TPUA berkomitmen untuk terus membela dan mendampingi para ulama & aktivis yang dizalimi rezim Jokowi. TPUA memandang seluruh kriminalisasi terhadap ulama dan aktivis adalah dampak dari kebijakan era Jokowi yang anti kritik, anti ulama, anti Islam.

Pembungkaman terhadap HTI & FPI harus dilawan, karena kedua ormas ini adalah simbol perjuangan umat Islam. Kesimpulan & Rekomendasinya, ulama & aktivis bersatu, tuntut pertanggungjawaban Jokowi, meski telah lengser dari jabatannya.

Ustadz Eka Jaya menegaskan Proses Pemilu di era Jokowi, baik pada periode pertama hingga periode kedua, adalah Pemilu dan Pilpres yang paling buruk.

Banyak catatan pelanggaran Pemilu, yang akhirnya hanya dilegitimasi oleh lembaga yang berwenang, baik oleh KPU, MK hingga MA. Rakyat tidak mendapatkan pemimpin yang dikehendaki, melainkan pemimpin yang disiapkan oligarki yang didukung penuh oleh kekuasaan dan kekuatan uang.

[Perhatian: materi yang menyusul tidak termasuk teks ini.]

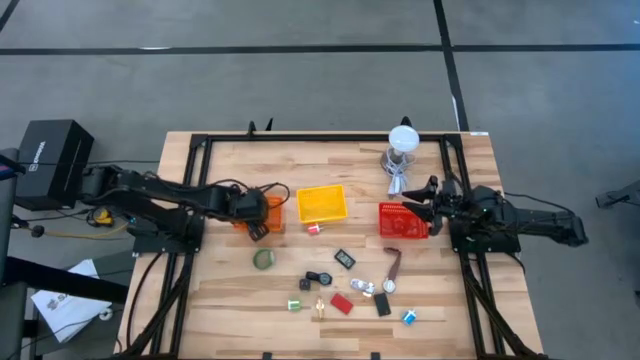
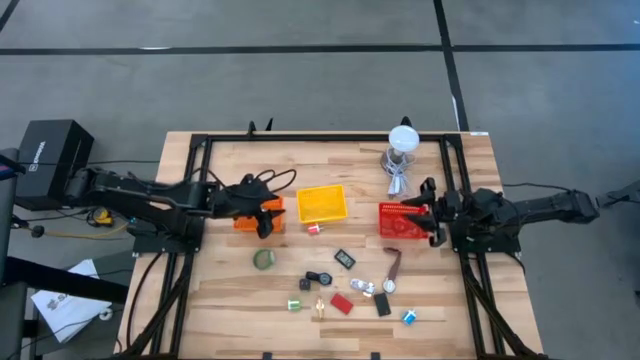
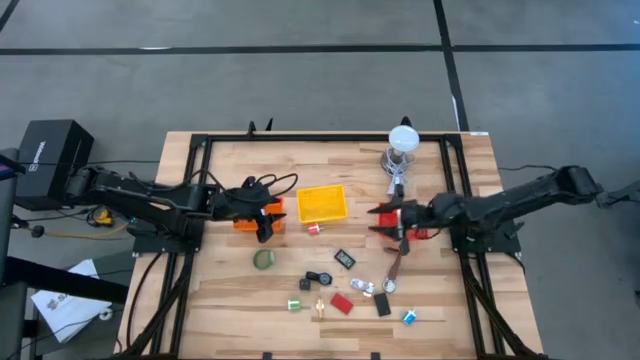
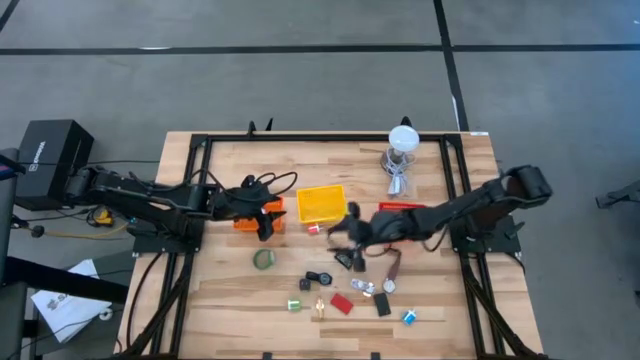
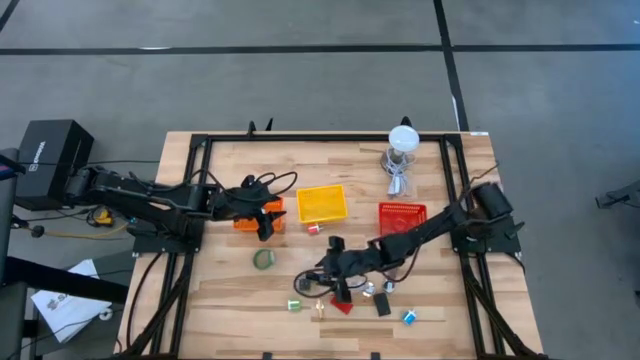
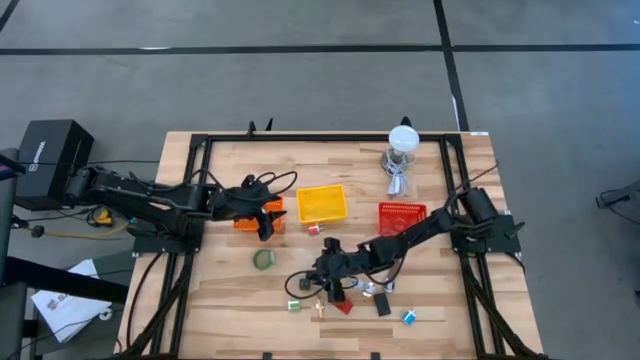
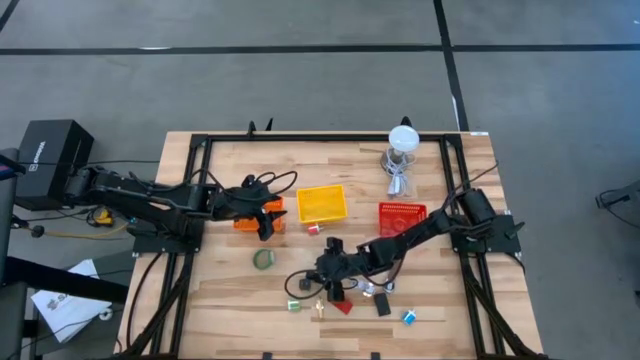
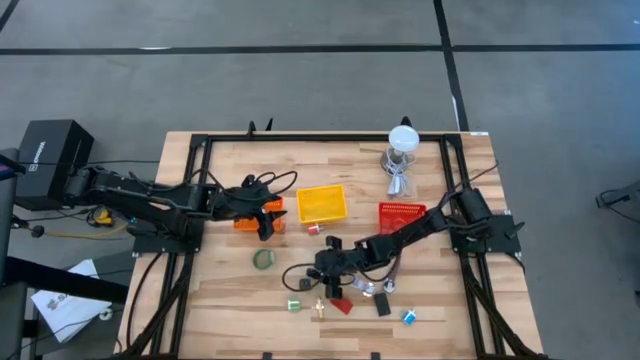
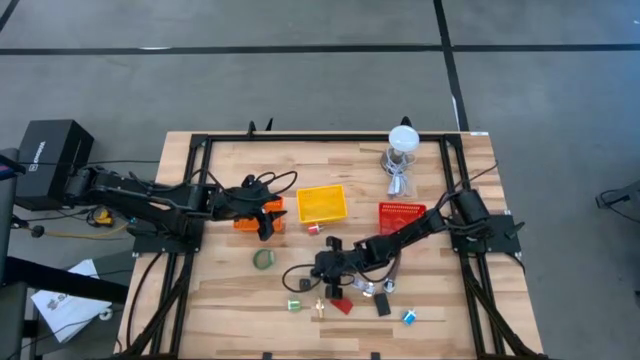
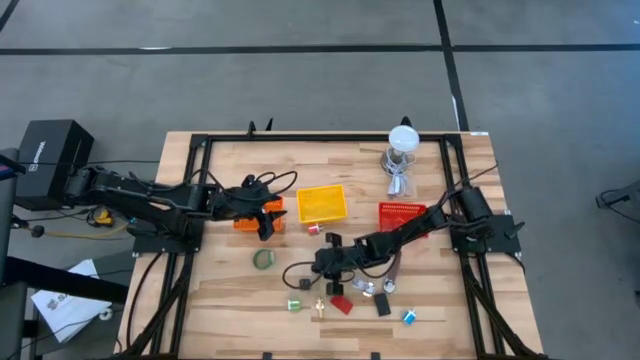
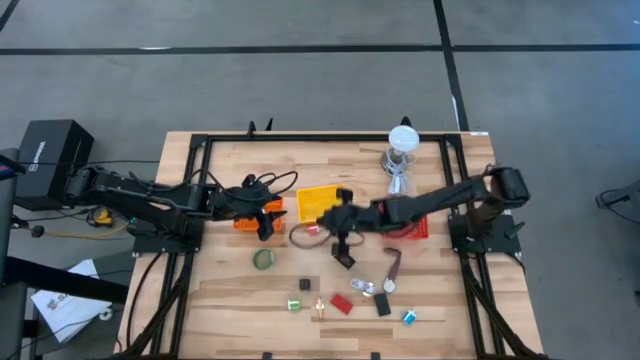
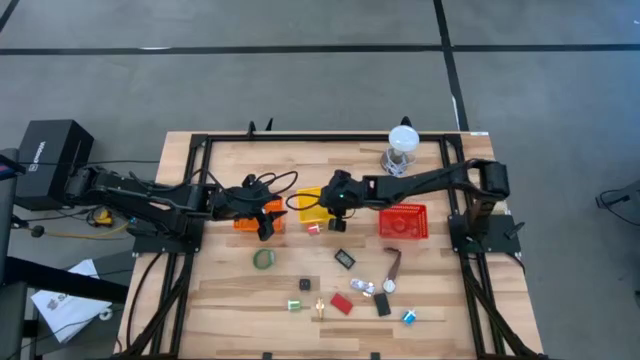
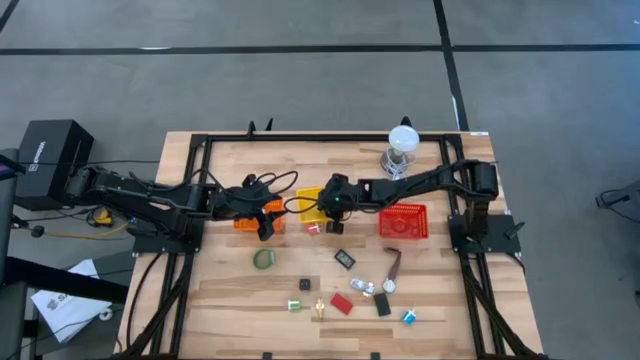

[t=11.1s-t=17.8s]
Task: Pick & Place Office items
Put the top black wristwatch into the yellow bin

Kesimpulan & Rekomendasinya, perkuat persatuan dan konsolidasi antara elemen ulama dan aktivis, juga tokoh nasional untuk mengontrol jalannya roda pemerintahan.

Adapun Bang Refly Harun diakhir Evaluasi, menyampaikan alasan kenapa Jokowi masih begitu ngotot untuk terus cawe-cawe, padahal akan segera selesai. Paling tidak ada 4 (empat) alasan.

Pertama, Jokowi khawatir kasus korupsinya dituntut, kasus Korupsi keluarga Jokowi yang dilaporkan Ubedilah Badrun bisa diproses pasca Jokowi tidak berkuasa. Karena itu, Jokowi sekuat tenaga ingin terus berkuasa agar bisa menutupi kejahatan korupsi dirinya, keluarga dan kroninya.

Kedua, Jokowi juga takut kasus kejahatan kemanusiaan di era kepemimpinanya khususnya terkait tragedi pembantaian KM 50 menyeret dirinya ke penjara. Jokowi ingin terus berkuasa, termasuk melalui manuver dibentuknya DPA untuk bungker politik Jokowi pasca berhenti dari Presiden.

Ketiga, Jokowi ingin menjaga dan memelihara politik dinastinya setelah sukses menempatkan Gibran sebagai Wapres. Berikutnya, menempatkan menantunya Boby Nasution sebagai Gubernur di Pilkada Sumut dan Kaesang di Pilkada Jakarta.

Keempat, Jokowi ingin tetap menjaga hubungan patron klien dengan kepentingan oligarki dan asing dibalik layar. Dia ingin menegaskan, komitmen oligarki dan asing tetap harus lewat dirinya, tidak perlu melalui Prabowo, kendati Jokowi tak lagi berstatus sebagai Presiden.

Diakhir agenda, penulis membacakan dokumen Evaluasi. Selanjutnya, acara pun selesai. Penulis menyampaikan ucapan terima kasih kepada semua pihak yang telah terlibat dan memberikan andil atas suksesnya agenda ini. Jelang 20 Oktober 2024 nanti, insyaallah akan diadakan agenda Evaluasi Part 2.